> [EXERCISE] Extract only the lines from the start of the entries below to the line with "LaTeX: \lambda\geqslant 0", inclusive; omit every picture.

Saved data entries
============

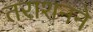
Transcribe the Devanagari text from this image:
तराशनने
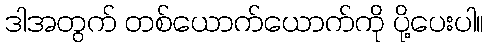
ဒါအတွက် တစ်ယောက်ယောက်ကို ပို့ပေးပါ။
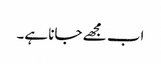
اب مجھے جانا ہے۔
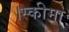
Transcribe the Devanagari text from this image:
।स्कीमा
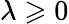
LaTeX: \lambda\geqslant 0
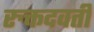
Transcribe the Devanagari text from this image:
रुक्तदवती
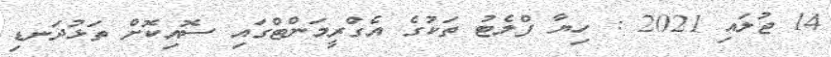
14 ޖުލައި 2021 : ހިޔާ ފްލެޓު ތަކުގެ އެގްރީމަންޓްގައި ސޮއިކޮށް ތަޅުދަނޑި
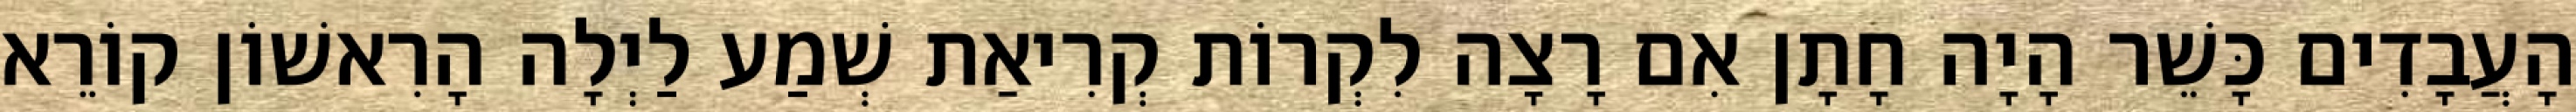
הָעֲבָדִים כָּשֵׁר הָיָה חָתָן אִם רָצָה לִקְרוֹת קְרִיאַת שְׁמַע לַיְלָה הָרִאשׁוֹן קוֹרֵא
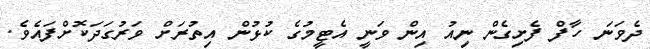
ދެވަނަ ހާފް ފެށިގެން ނިއު އިން ވަނީ އެޓީމުގެ ކުޅުން އިތުރަށް ވަރުގަދަކޮށްފައެވެ.
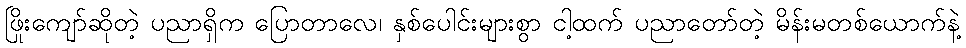
ဖြိုးကျော်ဆိုတဲ့ ပညာရှိက ပြောတာလေ၊ နှစ်ပေါင်းများစွာ ငါ့ထက် ပညာတော်တဲ့ မိန်းမတစ်ယောက်နဲ့
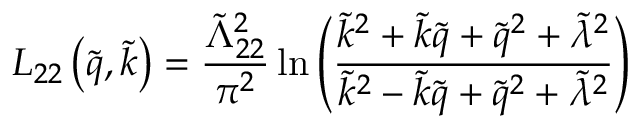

============

> [RESULT OF THE EXERCISE]
Transcribe the Devanagari text from this image:
तराशनने
ဒါအတွက် တစ်ယောက်ယောက်ကို ပို့ပေးပါ။
اب مجھے جانا ہے۔
Transcribe the Devanagari text from this image:
।स्कीमा
LaTeX: \lambda\geqslant 0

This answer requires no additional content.